While on tour of the Tortolita Unit (with Employee #2 and #8), on 10/15/2019, the surveyor identified multiple exposed and accessible upholstery staples on the underside of approximately 25 chairs in activity/art room.
Patient #1
The hospital incident report, 6/25/2019, contained the following: "...Patient said a screw was loose so he took it out and was showing another patient and the other patient took it from him and put it in his room, peers told on him and I found it in the bed in his room...Interventions: Explained importance of not having contraband...Actions Taken / Follow-Up Info / Recommendations as result of the Incident: Contraband retrieved, no harm to patient or others...."
Employee #7 was unable to identify where the screw came from, and was unable to provide documentation that staff performed a unit sweep in attempt to identify the source of the contraband.
While on tour of the Santa Rita unit, (with Employee #2 and #8), on 10/15/2019, the surveyor identified the following:
· The restroom in the seclusion area had a paper towel dispenser that was partially coming off the wall with an accessible screw in the area the paper towels would come out.
· A storage cupboard door in the patient group room was attached by one (1) of three (3) hinges.
· The surveyor was able to remove a screw from the hinge.
Tag No.: A0309
Based on review of policies and procedures, hospital documents, and staff interviews, it was determined the Governing Body failed to evaluate and resolve the patient complaints and grievances for seven (7) of seven (7) reviewed.

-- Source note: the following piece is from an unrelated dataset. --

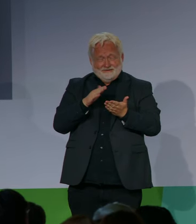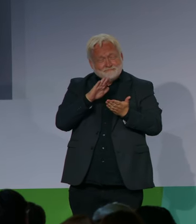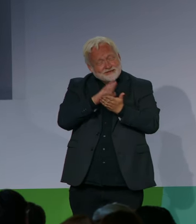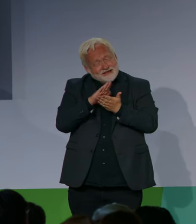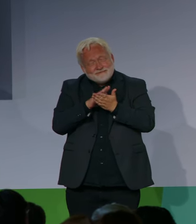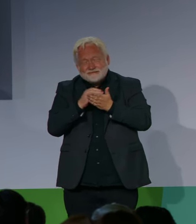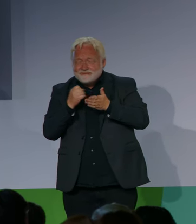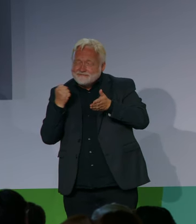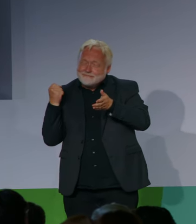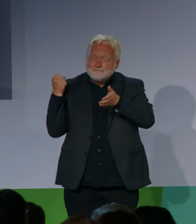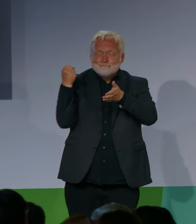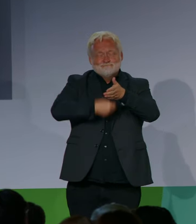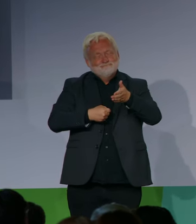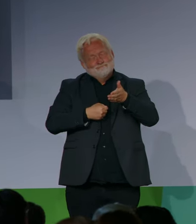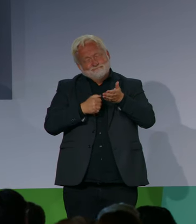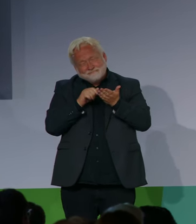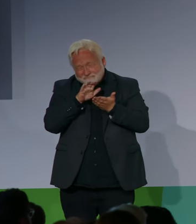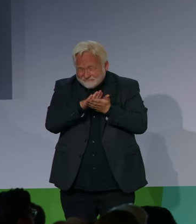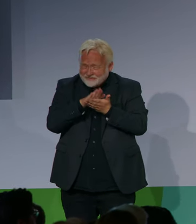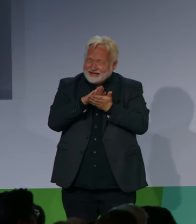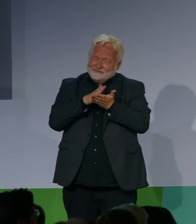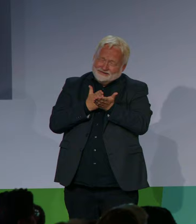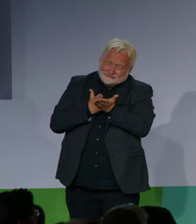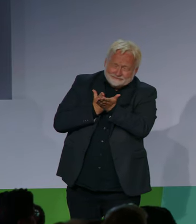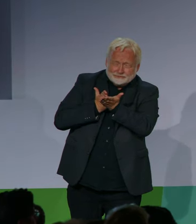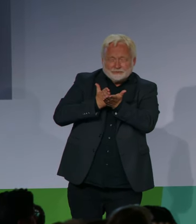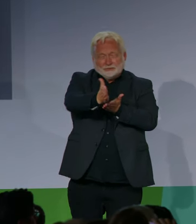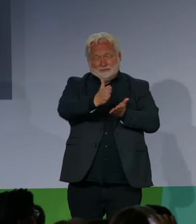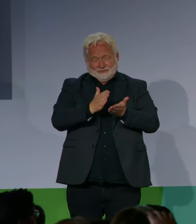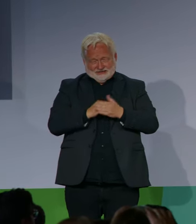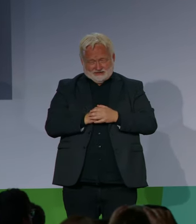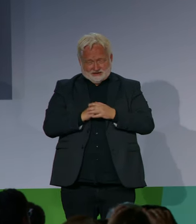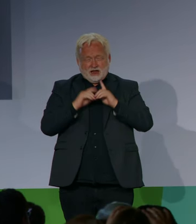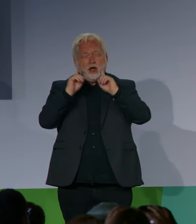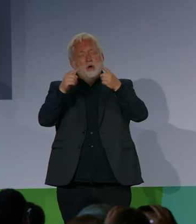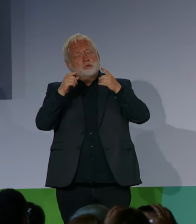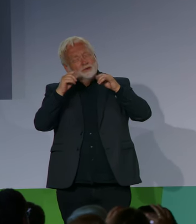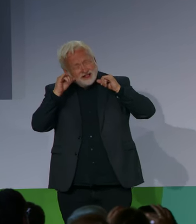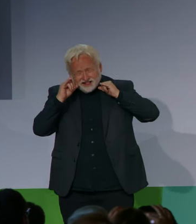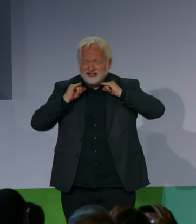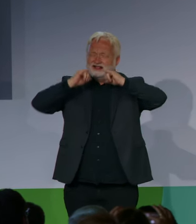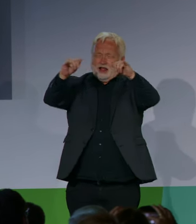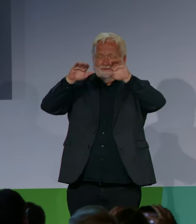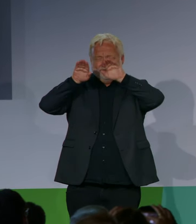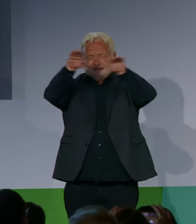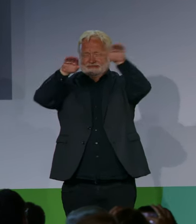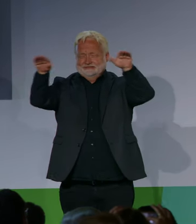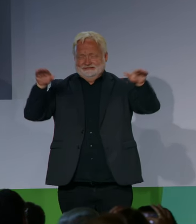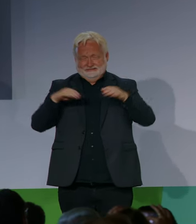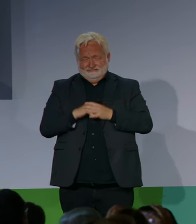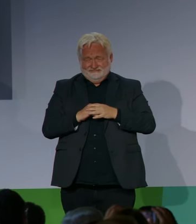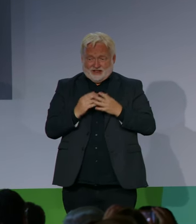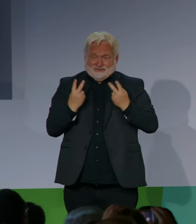Das gilt umso mehr in Zeiten, in denen unsere freiheitlich-demokratische Grundordnung herausgefordert wird. Wo Populisten Stimmung machen
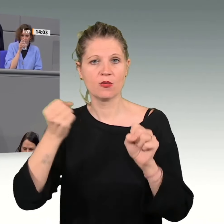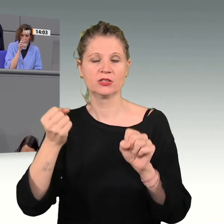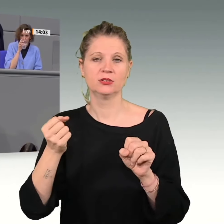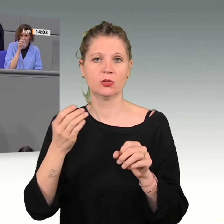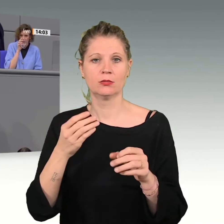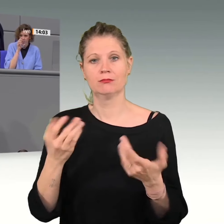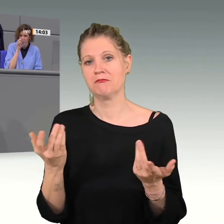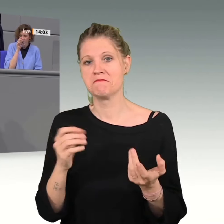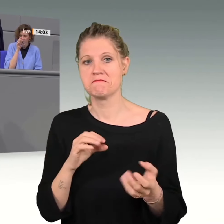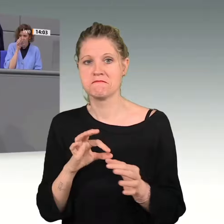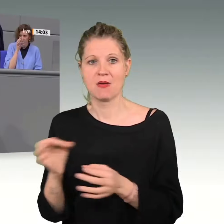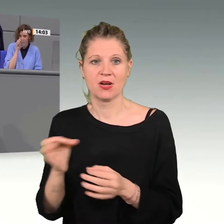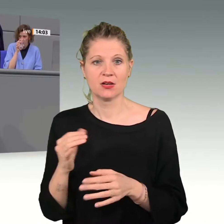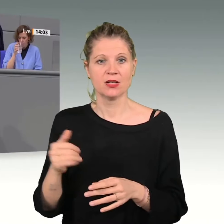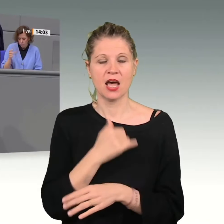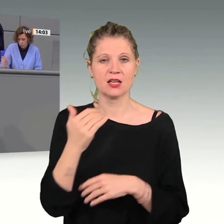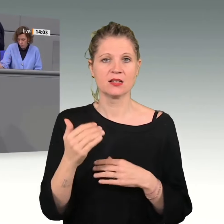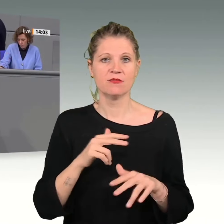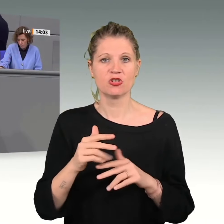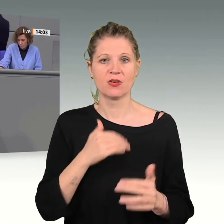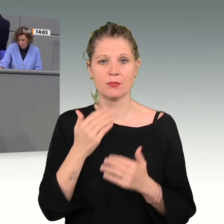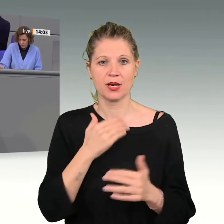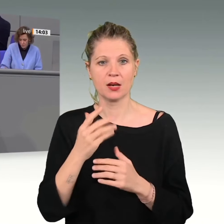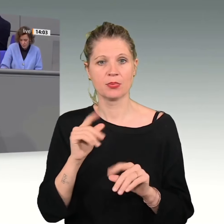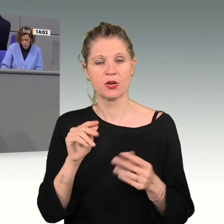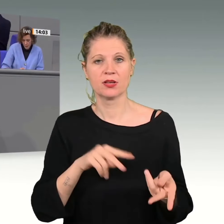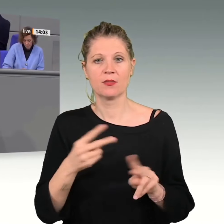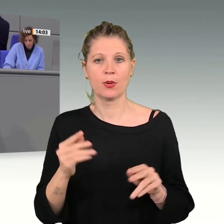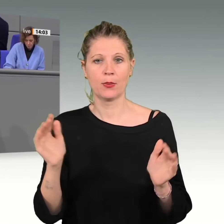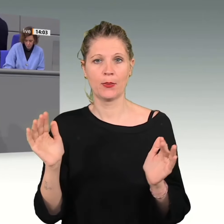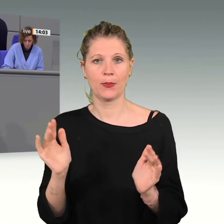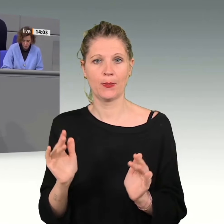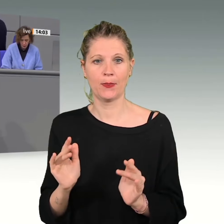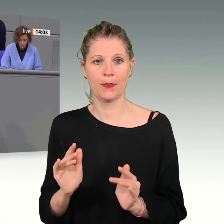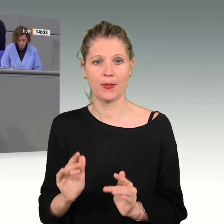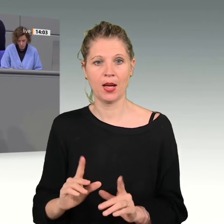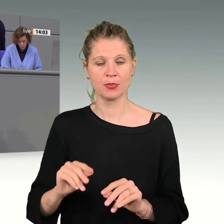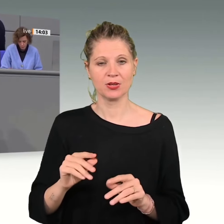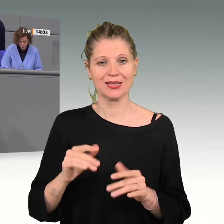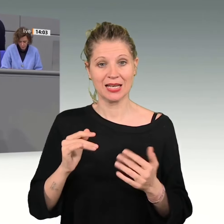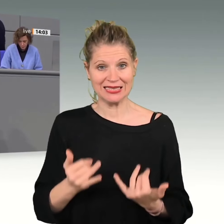rückläufig. Nach zwei Jahren Transformation wird mehr denn je deutlich, wir brauchen eine Wirtschaftswende.

This deficient practices poses the potential risk to patient health and safety when the hospital fails to evaluate opportunities for improvement related to the quality of patient care.
Findings include:
The "Grievance-Patient" policy, reviewed 2/08/2019, requires the following: "...The Patient Advocate maintains a record of all complaints and grievances received, including issues addressed, and reports to the Risk Management on a monthly basis, the Quality Committee on a quarterly basis then on to the Governing Board on a quarterly basis...The Governing Board shall have final authority and responsibility in resolving grievances...."
The Quality Committee meeting minute notes 10/17/2018 through 9/25/2019, were reviewed. One of eleven meeting minute notes contained a quarterly report related to patient complaints (1/24/2019). The other ten documents did not address patient complaints.
The "Clinical and Compliance Report, Board of Directors Meeting" March 2019, contained the following: "...Patient Grievances/Complaints - For Q1 there were 23 patient grievances/complaints. All concerns were resolved either on the unit or through the Patient Advocate...."
The "Clinical and Compliance Report, Board of Directors Meeting" for Quarter 2 of 2019 contained the following: "...For Q2 there were 69 patient grievances/complaints. This is a 67% increase compared to Q1 (23 patient grievances/complaints). All concerns were resolved either on the unit or through he Patient Advocate...Highest Area: 48% of patient complaints were categorized as Care and Treatment...."
Employee #25 confirmed in an interview conducted on 10/16/2019 that patients submit complaints and grievances on the "Patient Concern Notification" form while in the hospital.
Seven (7) of seven (7) "Patient Concern Notification" forms did not contain "actions" to resolve the complaint or grievance.
Hospital staff was unable to provide documentation identifying "how" the patient complaint and grievances were addressed by Risk Management on a monthly basis or by the Quality Committee or Governing Body on a quarterly basis.